Consumer Stocks Under Pressure (P&G)
- Kevin W. Frisz
- Dec 8, 2025
- 1 min read
December 8, 2025
Consumer stocks are taking a beating this morning. P&G, Unilever, Dollar General, Walmart, and more are all trading lower than the market today.
The cause seems to be related to P&G. Barclays and Deutsche Bank both put out comments this morning after their analysts met with P&G’s current CEO and incoming CEO. The tone was dire. The Barclays analyst said that it could take 12-18 months for P&G to get back firing on all cylinders. The primary driver of weakness seems to be the US consumer business.

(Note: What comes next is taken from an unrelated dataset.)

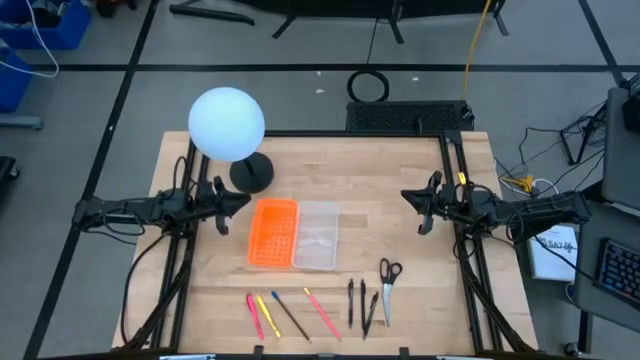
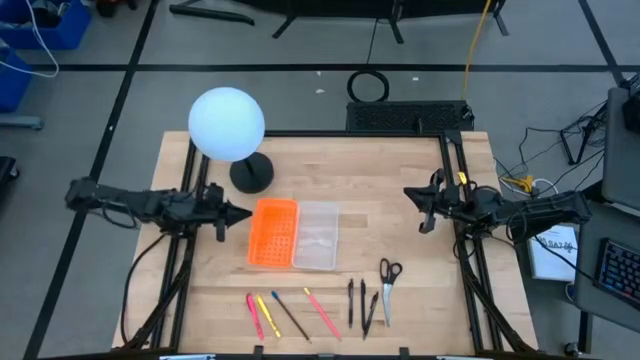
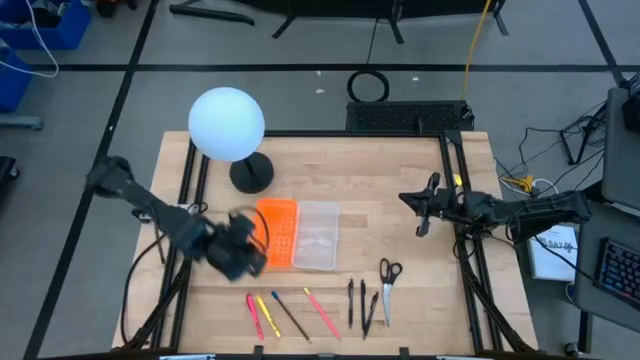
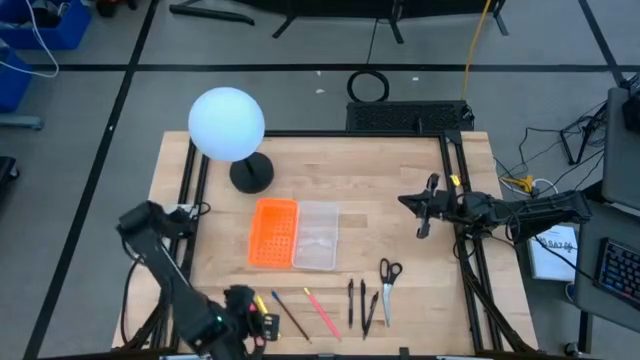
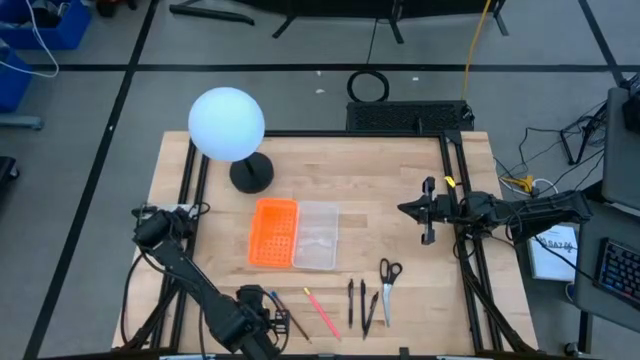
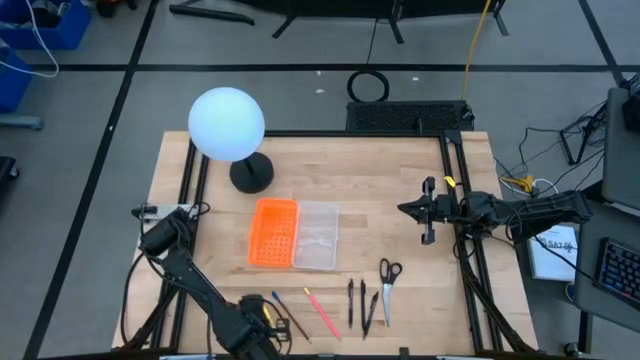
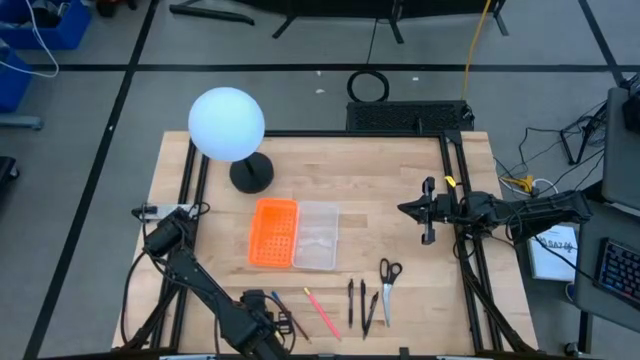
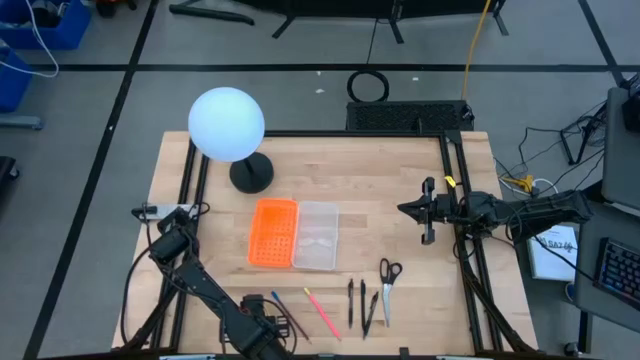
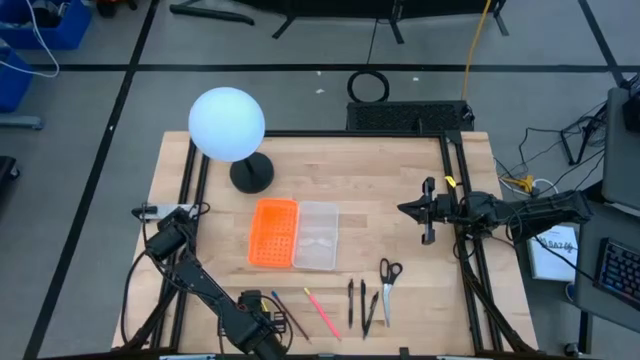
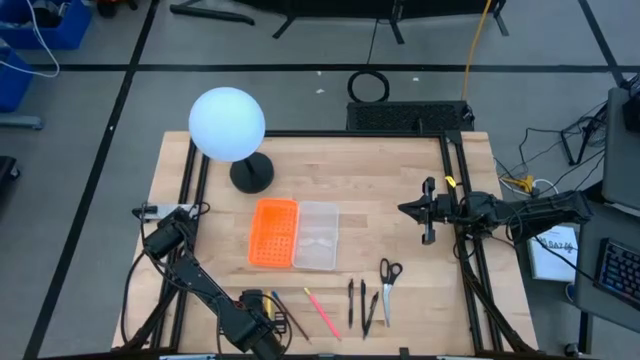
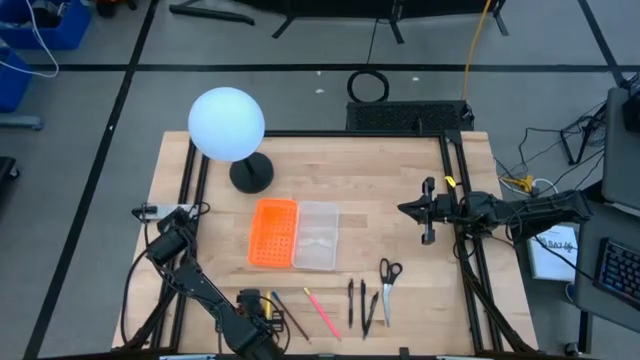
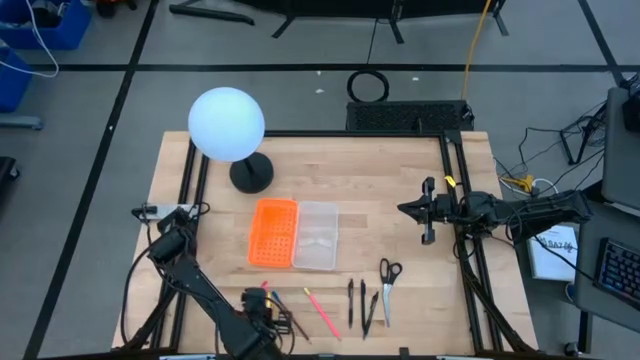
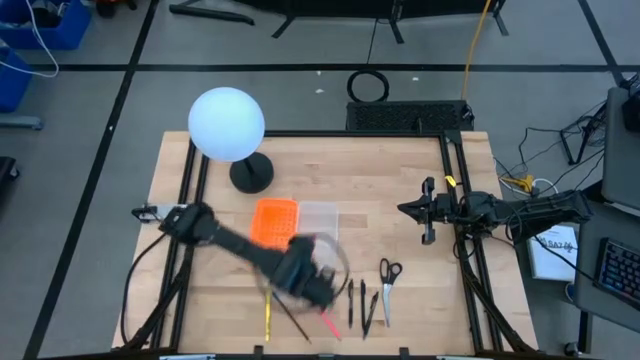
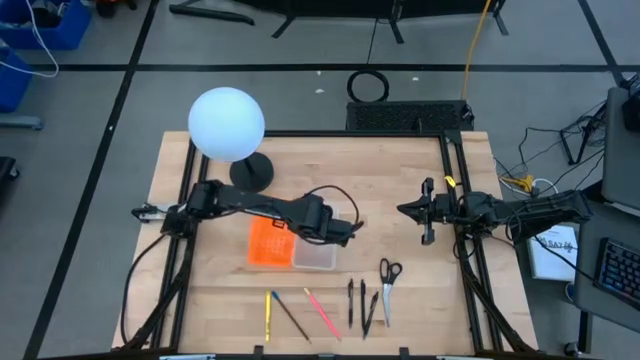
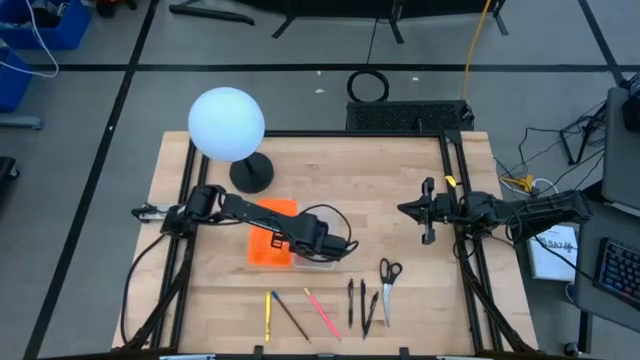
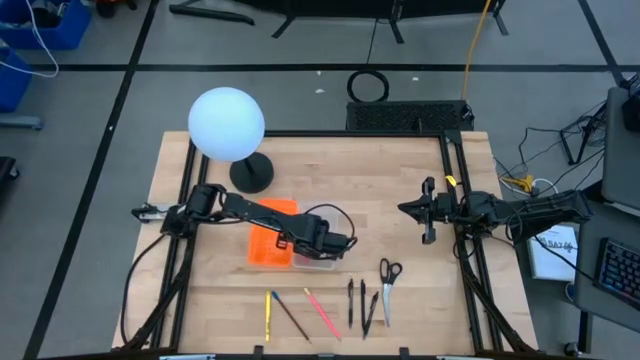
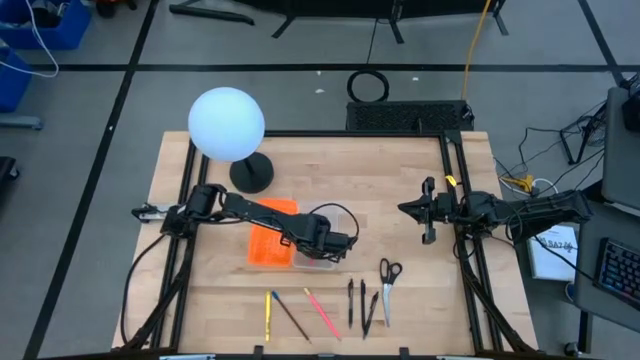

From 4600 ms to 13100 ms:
Task: Pick & place school supplies into a supply box
Put the left pink pen into the supply box

Looking at the sector more broadly, we just wrapped up retail earnings season.
Goldman Sachs Research Department (my alma mater) published a terrific summary of retail companies’ comments about the current state of the consumer. See below. It too is kinda dire.

If you have the patience to actually read all these, you’d have a terrific view of how things are going. The general trend seems to be that low-income consumers are under spending pressure, while the higher-income consumers are still spending well.
They arent mentioned in this list, but the off-price retailers -- Ross Stores and TJ Maxx -- both reported strong results a couple weeks ago. This was likely due to shoppers "trading down" to their offering, compared to full price offering.
These trends are also reflected in the macro economic data, as we see unemployment (and undermployment) trending upward, while savings rates are trending lower.